气候变化背景下人工造雪技术提升对中国滑雪季节长度的影响

doi:10.18402/resci.2020.06.17

Abstract

Abstract:

Under global warming conditions, artificial snowmaking has proved to be an effective adaptation measure to climate change for ski resorts. Based on the surface climate dataset (1981-2010) and new Intergovernmental Panel on Climate Change (IPCC) RCPs scenarios, this study assessed the impact of snow-making technology improvement (snow could be produced at -2℃ rather than -5℃) on ski season length in China under climate change using the SkiSim 2.0 model.
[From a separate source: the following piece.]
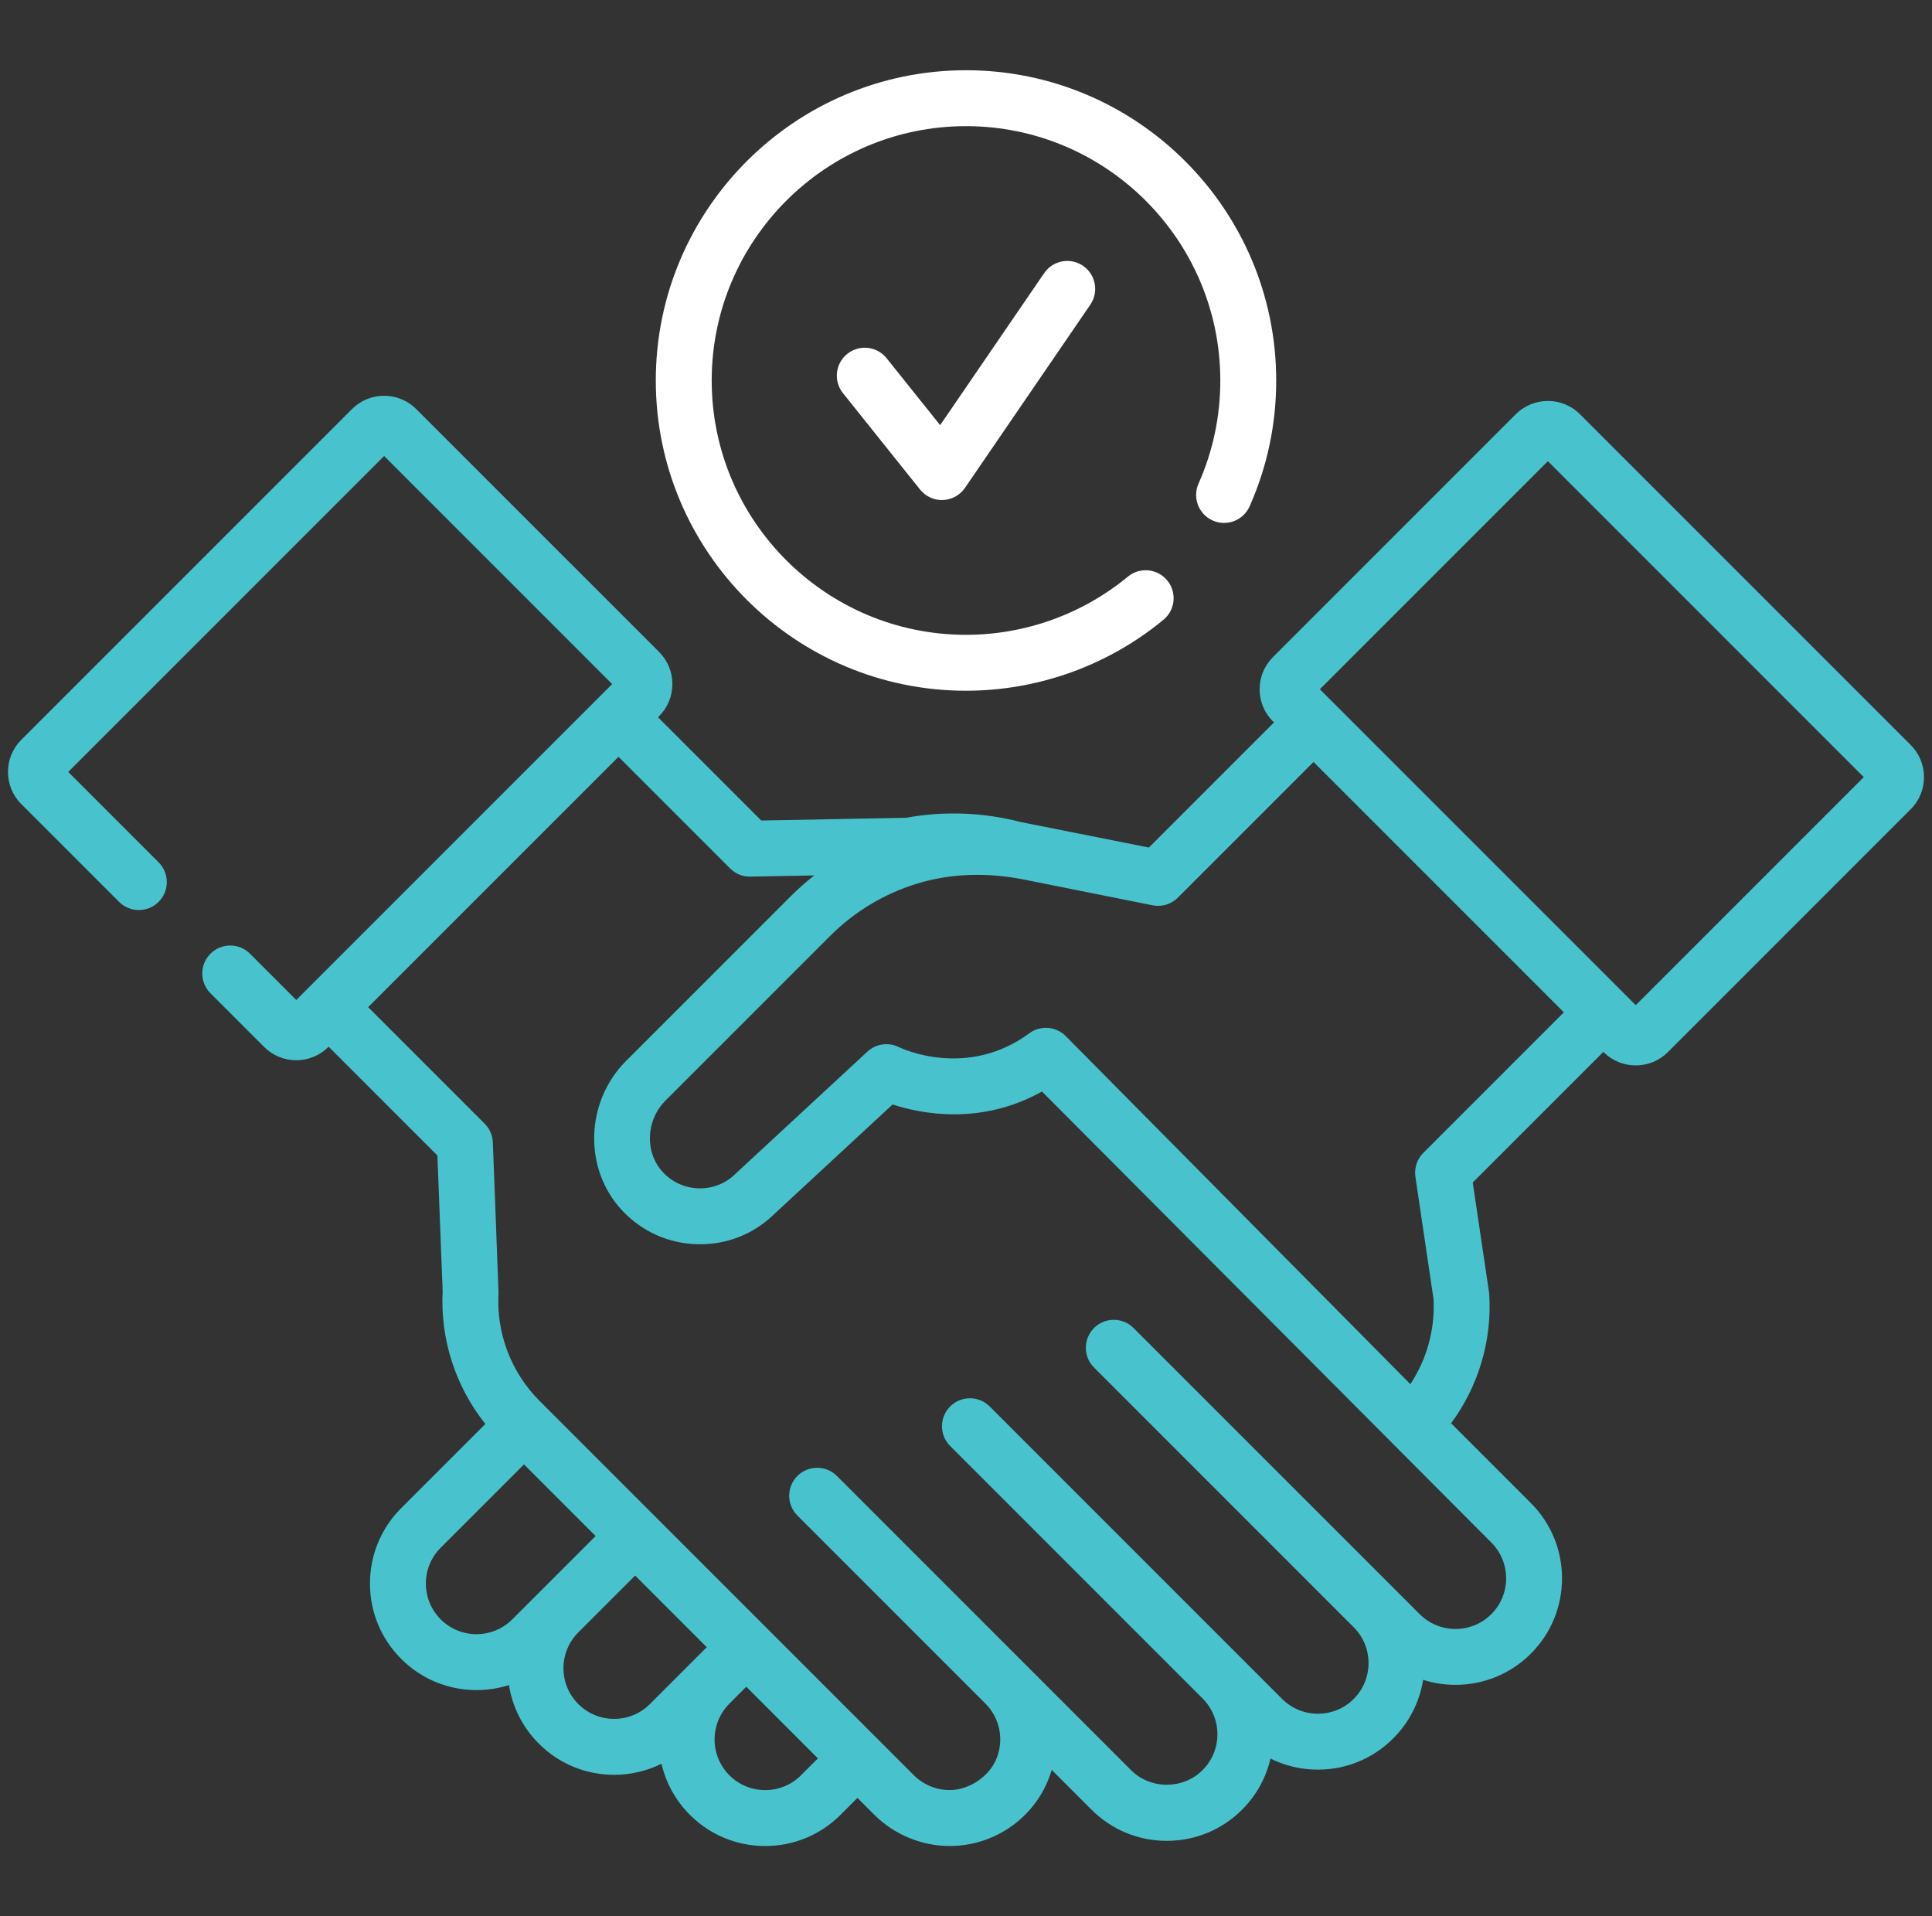 <svg xmlns="http://www.w3.org/2000/svg" width="121" height="120" viewBox="0 0 121 120" fill="none"><rect x="0" y="0" width="121" height="120" fill="#333333" stroke="none"/><g id="Hired" clip-path="url(#clip0_884_4825)"><g id="Group"><g id="Group_2"><path id="Vector" d="M119.667 46.653L98.954 25.941C97.845 24.832 96.041 24.832 94.932 25.941L79.723 41.15C79.186 41.688 78.889 42.402 78.889 43.162C78.889 43.922 79.185 44.636 79.722 45.173L79.789 45.24L71.953 53.076C71.953 53.076 64.096 51.507 63.938 51.481C61.594 50.869 59.124 50.774 56.742 51.212L47.677 51.382L41.211 44.916L41.278 44.849C41.815 44.312 42.111 43.598 42.111 42.838C42.111 42.078 41.815 41.364 41.278 40.826L26.068 25.617C25.53 25.08 24.816 24.784 24.057 24.784C23.297 24.784 22.582 25.08 22.045 25.617L1.333 46.329C0.796 46.867 0.5 47.581 0.5 48.34C0.5 49.1 0.796 49.815 1.333 50.352L7.458 56.477C8.142 57.161 9.25 57.161 9.934 56.477C10.617 55.794 10.617 54.686 9.934 54.002L4.273 48.34L24.057 28.556L38.338 42.838L18.554 62.622L15.655 59.723C14.972 59.04 13.863 59.04 13.18 59.724C12.496 60.407 12.496 61.515 13.18 62.199L16.543 65.562C17.08 66.099 17.794 66.395 18.554 66.395C19.314 66.395 20.028 66.099 20.566 65.562L20.581 65.546L27.394 72.359L27.723 80.841C27.564 83.864 28.528 86.828 30.398 89.172L25.125 94.445C23.865 95.705 23.171 97.381 23.171 99.163C23.171 100.946 23.865 102.621 25.125 103.881C26.386 105.142 28.061 105.836 29.844 105.836C30.543 105.836 31.227 105.729 31.875 105.522C32.088 106.865 32.711 108.154 33.744 109.187C35.005 110.448 36.68 111.142 38.462 111.142C39.508 111.142 40.518 110.902 41.429 110.449C41.702 111.622 42.294 112.735 43.206 113.647C44.466 114.907 46.142 115.601 47.924 115.601C49.706 115.601 51.382 114.907 52.642 113.647L53.701 112.588L54.758 113.645C56.001 114.887 57.72 115.599 59.477 115.6C62.263 115.6 64.773 113.87 65.73 111.249C65.781 111.112 65.827 110.973 65.869 110.834L68.357 113.322C69.618 114.583 71.293 115.277 73.075 115.277C74.858 115.277 76.533 114.583 77.794 113.323C78.706 112.41 79.298 111.298 79.57 110.125C80.481 110.578 81.491 110.818 82.537 110.818C84.32 110.818 85.995 110.124 87.255 108.863C88.264 107.854 88.911 106.578 89.129 105.195C91.431 105.925 94.052 105.379 95.874 103.557C97.134 102.298 97.828 100.622 97.828 98.839C97.828 97.057 97.135 95.381 95.874 94.121L90.882 89.129C92.584 86.823 93.445 83.974 93.272 81.075C93.268 81.025 93.263 80.974 93.256 80.923L92.237 74.05L100.418 65.87L100.434 65.886C100.971 66.423 101.685 66.719 102.445 66.719C103.205 66.719 103.919 66.423 104.457 65.886L119.666 50.676C120.203 50.139 120.499 49.425 120.499 48.665C120.5 47.905 120.204 47.19 119.667 46.653ZM33.742 99.749L32.086 101.406C31.487 102.005 30.69 102.335 29.843 102.335C28.084 102.336 26.672 100.912 26.672 99.163C26.672 98.316 27.002 97.52 27.601 96.921L32.818 91.704L37.303 96.189L33.754 99.739C33.75 99.742 33.746 99.745 33.742 99.749ZM40.705 106.711C40.106 107.31 39.31 107.64 38.462 107.64C37.615 107.64 36.819 107.311 36.22 106.711C35.62 106.112 35.289 105.314 35.289 104.467C35.289 103.625 35.615 102.835 36.206 102.237L39.779 98.664L44.265 103.15L40.705 106.711ZM50.167 111.171C49.568 111.77 48.771 112.1 47.924 112.1C47.077 112.1 46.281 111.77 45.681 111.171C44.445 109.934 44.445 107.922 45.681 106.686V106.686C45.683 106.684 45.684 106.683 45.685 106.682L46.74 105.626L51.225 110.112L50.167 111.171ZM93.4 96.596C93.998 97.195 94.328 97.991 94.328 98.839C94.328 99.686 93.999 100.483 93.4 101.082C92.163 102.318 90.151 102.318 88.915 101.082L70.993 83.162C70.31 82.479 69.202 82.478 68.518 83.162C67.834 83.845 67.834 84.953 68.518 85.637L84.8 101.92C85.387 102.517 85.711 103.304 85.71 104.143C85.71 105.907 84.296 107.317 82.538 107.317C81.691 107.317 80.894 106.987 80.295 106.388L61.984 88.075C61.3 87.392 60.192 87.392 59.508 88.075C58.825 88.759 58.825 89.867 59.508 90.551C59.508 90.551 75.316 106.359 75.318 106.361C76.555 107.598 76.555 109.61 75.318 110.847C74.096 112.069 72.057 112.071 70.833 110.847C70.822 110.835 52.416 92.428 52.416 92.428C51.732 91.745 50.624 91.745 49.94 92.428C49.257 93.112 49.257 94.22 49.94 94.904L61.711 106.675C61.714 106.678 61.716 106.681 61.719 106.684C62.594 107.559 62.88 108.87 62.445 110.036C62.012 111.222 60.714 112.099 59.477 112.098C58.642 112.098 57.824 111.76 57.234 111.169L33.79 87.724C32.008 85.942 31.072 83.477 31.222 80.96C31.226 80.903 30.866 71.538 30.866 71.538C30.849 71.097 30.666 70.68 30.355 70.368L23.057 63.07L38.736 47.392L45.728 54.384C46.064 54.72 46.525 54.911 46.998 54.896L50.992 54.821C50.48 55.225 49.989 55.66 49.521 56.127L39.213 66.435C36.646 69.002 36.534 73.203 38.964 75.801C40.213 77.135 41.905 77.887 43.729 77.917C45.548 77.95 47.245 77.262 48.531 75.989L55.902 69.165C57.733 69.761 61.447 70.482 65.257 68.353L93.4 96.596ZM89.14 72.198C88.748 72.59 88.565 73.144 88.646 73.692L89.782 81.357C89.88 83.254 89.361 85.118 88.329 86.678L66.748 64.883C66.408 64.54 65.957 64.364 65.504 64.364C65.141 64.364 64.777 64.477 64.466 64.706C60.559 67.585 56.461 65.653 56.297 65.574C55.645 65.248 54.86 65.36 54.325 65.855L46.131 73.441C46.114 73.456 46.098 73.472 46.082 73.488C45.469 74.101 44.664 74.431 43.787 74.417C42.92 74.402 42.115 74.044 41.52 73.409C40.367 72.175 40.442 70.157 41.689 68.91C41.689 68.91 51.996 58.603 51.998 58.602C53.508 57.092 55.384 55.962 57.426 55.337C59.629 54.664 61.929 54.638 64.176 55.088C64.181 55.089 72.185 56.692 72.185 56.692C72.759 56.808 73.353 56.628 73.767 56.214L82.265 47.715L97.944 63.394L89.14 72.198ZM102.446 62.946L82.662 43.162L96.943 28.881L116.727 48.665L102.446 62.946Z" fill="#48C3CD"/><path id="Vector_2" d="M60.5 43.255C65.007 43.255 69.399 41.676 72.868 38.81C73.613 38.194 73.718 37.091 73.102 36.346C72.487 35.601 71.383 35.496 70.638 36.111C67.796 38.46 64.195 39.754 60.5 39.754C51.718 39.754 44.573 32.609 44.573 23.827C44.573 15.045 51.718 7.9 60.5 7.9C69.282 7.9 76.427 15.045 76.427 23.827C76.427 26.076 75.968 28.249 75.063 30.286C74.671 31.169 75.069 32.204 75.952 32.596C76.837 32.989 77.87 32.59 78.263 31.707C79.368 29.22 79.928 26.569 79.928 23.827C79.928 13.115 71.213 4.399 60.5 4.399C49.788 4.399 41.072 13.115 41.072 23.827C41.072 34.54 49.788 43.255 60.5 43.255Z" fill="white"/><path id="Vector_3" d="M65.396 17.103L58.881 26.624L55.527 22.432C54.923 21.677 53.822 21.554 53.067 22.158C52.312 22.762 52.19 23.864 52.794 24.619L57.624 30.657C57.957 31.073 58.461 31.314 58.991 31.314C59.013 31.314 59.035 31.313 59.057 31.312C59.611 31.291 60.123 31.009 60.436 30.552L68.285 19.08C68.831 18.282 68.627 17.192 67.829 16.646C67.031 16.1 65.941 16.305 65.396 17.103Z" fill="white"/></g></g></g><defs><clipPath id="clip0_884_4825"><rect width="120" height="120" fill="white" transform="translate(0.5)"/></clipPath></defs></svg>

The results show that average ski season length in China would increase by 3%~12% with improved snowmaking machine, and 78% of ski areas in China could maintain a ski season of over 100 days even under the RCP 8.5 scenario in the 2080s. Ski resorts that are highly affected by climate change (for example, north, east and central regions) would receive more benefits from new technology than slightly affected areas (for example, northeast and northwest). Furthermore, geographical environmental conditions are the fundamental factors that affect the length of ski season. No matter whether snow-making technology is improved or not, the dividing line for 100-day ski season in China under climate change is Changbai Mountain-Yinshan Mountain-Qilian Mountain-Tianshan Mountain. For mitigating and adapting to climate change, more attention should be paid to technological innovation in artificial snowmaking to ensure sustainable development of China’s ski industry from the supply side.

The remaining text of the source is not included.